Laufende Forschungsschwerpunkte: Bestand 1049 im Historischen Archiv Köln (Sommer 2026); Schönstein Urkunden Nr. 2715 (Landesarchiv NRW Westfalen); Dyck02 Nr. 216 (Vereinigte Adelsarchive im Rheinland, Brauweiler); Pellmann-Digitalisierung (ULB Düsseldorf).
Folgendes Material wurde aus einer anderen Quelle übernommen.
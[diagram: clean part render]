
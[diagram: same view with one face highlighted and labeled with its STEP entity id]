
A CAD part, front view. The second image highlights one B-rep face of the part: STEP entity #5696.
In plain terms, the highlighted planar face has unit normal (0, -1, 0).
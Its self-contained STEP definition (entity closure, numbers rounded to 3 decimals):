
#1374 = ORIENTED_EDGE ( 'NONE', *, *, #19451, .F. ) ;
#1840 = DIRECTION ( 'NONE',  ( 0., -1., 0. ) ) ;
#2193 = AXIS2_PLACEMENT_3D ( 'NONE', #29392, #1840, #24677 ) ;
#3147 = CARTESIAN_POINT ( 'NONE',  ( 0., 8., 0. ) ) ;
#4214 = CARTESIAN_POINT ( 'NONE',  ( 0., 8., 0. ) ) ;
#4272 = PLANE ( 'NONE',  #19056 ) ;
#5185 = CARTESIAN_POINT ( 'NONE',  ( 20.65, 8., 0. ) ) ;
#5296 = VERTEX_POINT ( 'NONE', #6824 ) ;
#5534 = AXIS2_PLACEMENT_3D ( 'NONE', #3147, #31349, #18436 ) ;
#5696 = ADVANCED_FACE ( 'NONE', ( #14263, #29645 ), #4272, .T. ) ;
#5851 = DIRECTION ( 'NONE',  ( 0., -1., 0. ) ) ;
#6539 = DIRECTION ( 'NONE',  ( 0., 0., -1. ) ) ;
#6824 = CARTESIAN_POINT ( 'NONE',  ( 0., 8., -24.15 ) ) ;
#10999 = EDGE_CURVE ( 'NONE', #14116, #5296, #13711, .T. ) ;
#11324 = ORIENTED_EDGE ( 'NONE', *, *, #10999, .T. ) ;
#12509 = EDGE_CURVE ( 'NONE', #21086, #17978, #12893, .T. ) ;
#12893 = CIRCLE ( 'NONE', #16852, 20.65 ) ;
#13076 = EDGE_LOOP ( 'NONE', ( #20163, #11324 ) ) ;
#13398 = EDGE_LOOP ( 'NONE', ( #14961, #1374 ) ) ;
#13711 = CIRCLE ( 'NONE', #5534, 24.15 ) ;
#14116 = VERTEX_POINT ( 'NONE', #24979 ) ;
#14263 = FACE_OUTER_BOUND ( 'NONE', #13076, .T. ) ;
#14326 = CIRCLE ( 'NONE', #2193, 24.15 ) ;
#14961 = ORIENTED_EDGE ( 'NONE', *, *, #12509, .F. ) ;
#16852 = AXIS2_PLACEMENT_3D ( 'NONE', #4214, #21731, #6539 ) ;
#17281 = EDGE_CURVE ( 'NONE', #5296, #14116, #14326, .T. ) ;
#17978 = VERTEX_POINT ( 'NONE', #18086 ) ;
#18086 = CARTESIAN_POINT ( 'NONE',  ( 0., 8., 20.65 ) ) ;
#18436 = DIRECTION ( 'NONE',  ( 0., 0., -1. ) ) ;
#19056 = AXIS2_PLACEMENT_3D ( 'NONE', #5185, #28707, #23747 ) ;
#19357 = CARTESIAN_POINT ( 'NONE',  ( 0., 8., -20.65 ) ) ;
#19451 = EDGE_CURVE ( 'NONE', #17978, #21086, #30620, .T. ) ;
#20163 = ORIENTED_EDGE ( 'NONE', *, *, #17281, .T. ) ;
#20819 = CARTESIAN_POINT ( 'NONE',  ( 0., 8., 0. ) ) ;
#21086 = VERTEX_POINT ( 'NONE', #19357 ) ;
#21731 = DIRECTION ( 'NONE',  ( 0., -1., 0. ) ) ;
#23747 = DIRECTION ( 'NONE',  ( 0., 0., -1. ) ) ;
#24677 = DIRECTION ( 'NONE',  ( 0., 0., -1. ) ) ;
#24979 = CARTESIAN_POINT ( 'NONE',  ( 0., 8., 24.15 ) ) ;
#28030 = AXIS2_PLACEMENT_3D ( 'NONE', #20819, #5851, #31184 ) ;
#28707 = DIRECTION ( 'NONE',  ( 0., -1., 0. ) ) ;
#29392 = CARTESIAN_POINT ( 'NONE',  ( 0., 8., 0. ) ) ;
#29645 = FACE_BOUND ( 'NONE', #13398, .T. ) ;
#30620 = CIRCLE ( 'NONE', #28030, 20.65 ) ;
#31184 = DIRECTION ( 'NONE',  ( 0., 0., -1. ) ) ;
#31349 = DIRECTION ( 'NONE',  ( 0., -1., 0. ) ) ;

Forschungsreise nach Köln, Willich, Rommerskirchen und Sprockhövel: Juni/Juli 2026.
Florian Baptist Gypser — direkter Nachfahre der Familie von Hertmanni in der 14. Generation — lebt seit 2004 in Bangkok, wo er mehrere Unternehmen führt, darunter ein Lederwarenhaus im Chinatown-Viertel Songwat.
Seine Großmutter Ingeborg Obergethmann (Wien, 17. September 1927 — Bangkok, 27. Dezember 2021) liebte Thailand so wie er. Sie verbrachte ihre letzten Jahre in Bangkok und starb dort — in derselben Stadt, von der aus die Familienforschung heute betrieben wird.
Der Kreis schließt sich: von einem Kölner Ratsherrn 1613 bis Bangkok 2026. Vierzehn Generationen, ein Buch.